Four Bites Show: Cookbook problems and solutions
Watch S1E4 for strategies and tools to cope with cookbook collections that need to change
What’s the best way to tackle a cookbook collection that needs to change?
On Four Bites Show S1E4 (<= clink link to watch), three experts and a journalist discuss approaches to the question, with perspective, specific advice, and recommended tools to help people manage.
Real estate agent Michael Olear shared insights from years of experience talking to folks going through deaccessioning discussions. Librarian John Burke brought an archivist’s view to sorting for the good stuff. Cookbook collector and book dealer Scotty Harris offered tips on how to check if books are worth selling, and recipe management software he’s used that he recommends checking out.
Here’s a sketch of how to take your recipe collection digital, from Burke the librarian:
Plan what you want to scan.
Think about how you want to use what you scan - share recipes, cook, etc.
Photograph or scan recipes, including information like recipe name and book in file name for searchability.
Organize in a phone or computer file folder, or Google Photos Album.
Note: If you use Adobe Scan, recipes become PDF files and can be searched by the words in the recipe.
More cookbook tools suggested by cookbook collector and seller Scotty Harris:
Copy Me That is a browser-based recipe manager that syncs across platforms, usable on computer, tablet, and phone app, which I recommend. It’s easy to use and the free version is fine, but the added features are worth the $25 lifetime subscription, in my opinion.
Eat Your Books has indexed over 13,000 cookbooks. Sign up and add a cookbook to your list, and you can keyword search the contents. Want to make tofu? It will show you every tofu recipe in the books on your list.
It tells you which cookbook, which ingredients, and which page number, but does not contain the recipe, because this is an index. The free version has a five cookbook limit, a subscription is $40 annually.
Via Libri describes itself as “The world’s largest search engine for old, rare & second-hand books,” and that might even be true.
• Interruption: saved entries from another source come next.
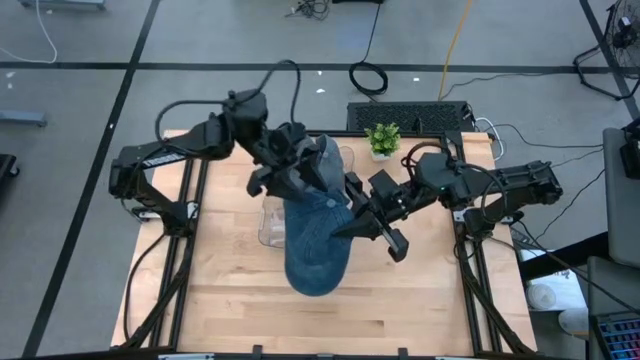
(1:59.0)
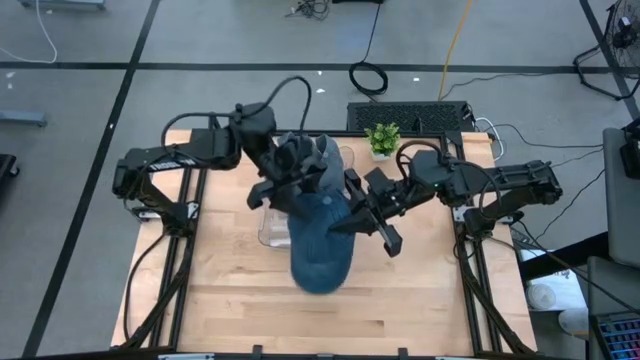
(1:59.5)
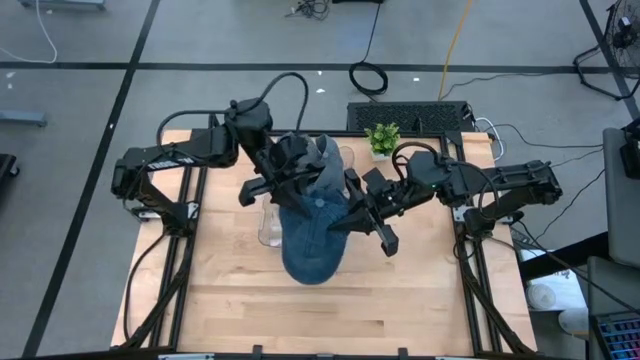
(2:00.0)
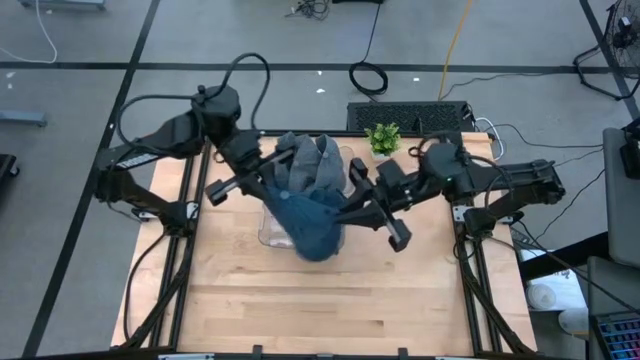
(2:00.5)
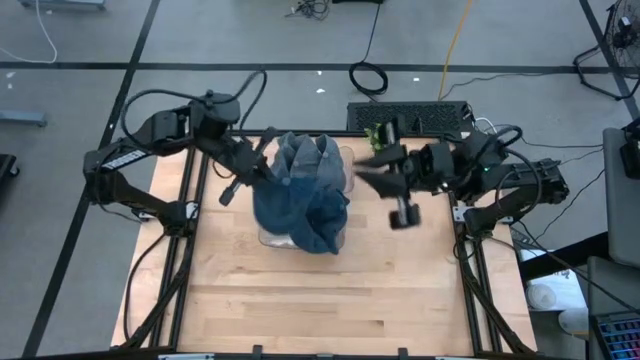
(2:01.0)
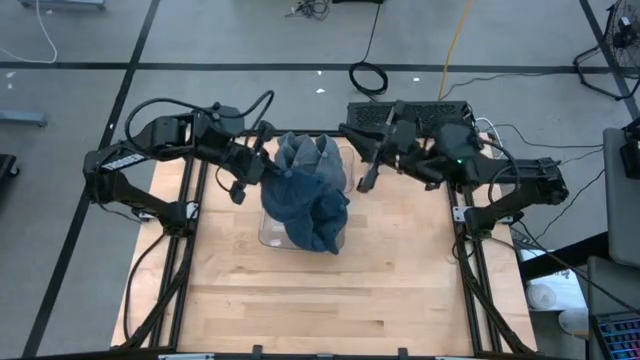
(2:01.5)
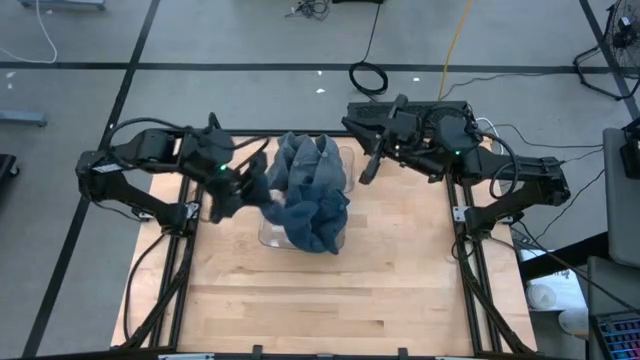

It returns results from the major players in the used and rare books world. Buying, selling, or just estimating value, it’s the best place to start.
Who are these people?
Michael Olear is a real estate sales veteran who specializes in helping older people negotiate transitions, and a licensed associate broker leading The Olear Team real estate services company.
John Burke is library director and principal librarian on the Middletown campus of Miami University Regionals. He is the author of the Neal-Schuman Library Technology Companion (ALA Neal-Schuman) and Makerspaces: a Practical Guide for Librarians (Rowman & Littlefield).
Scotty Harris is a cook, teacher, writer, recovering attorney, and cookbook collector who knows his way around the buying-and-selling cookbook world.
#30#
Very Helpful! Also, Birthday gifts allowed me to have the Full Sous Vide Kitchen! Cant wait to start looking up recipes for that!
That’s it Andrew. I had none before, watched my bro in law out in Denver use his almost daily. Intrigued, I have him as an outlet for all my questions, along with the net and two new cookbooks!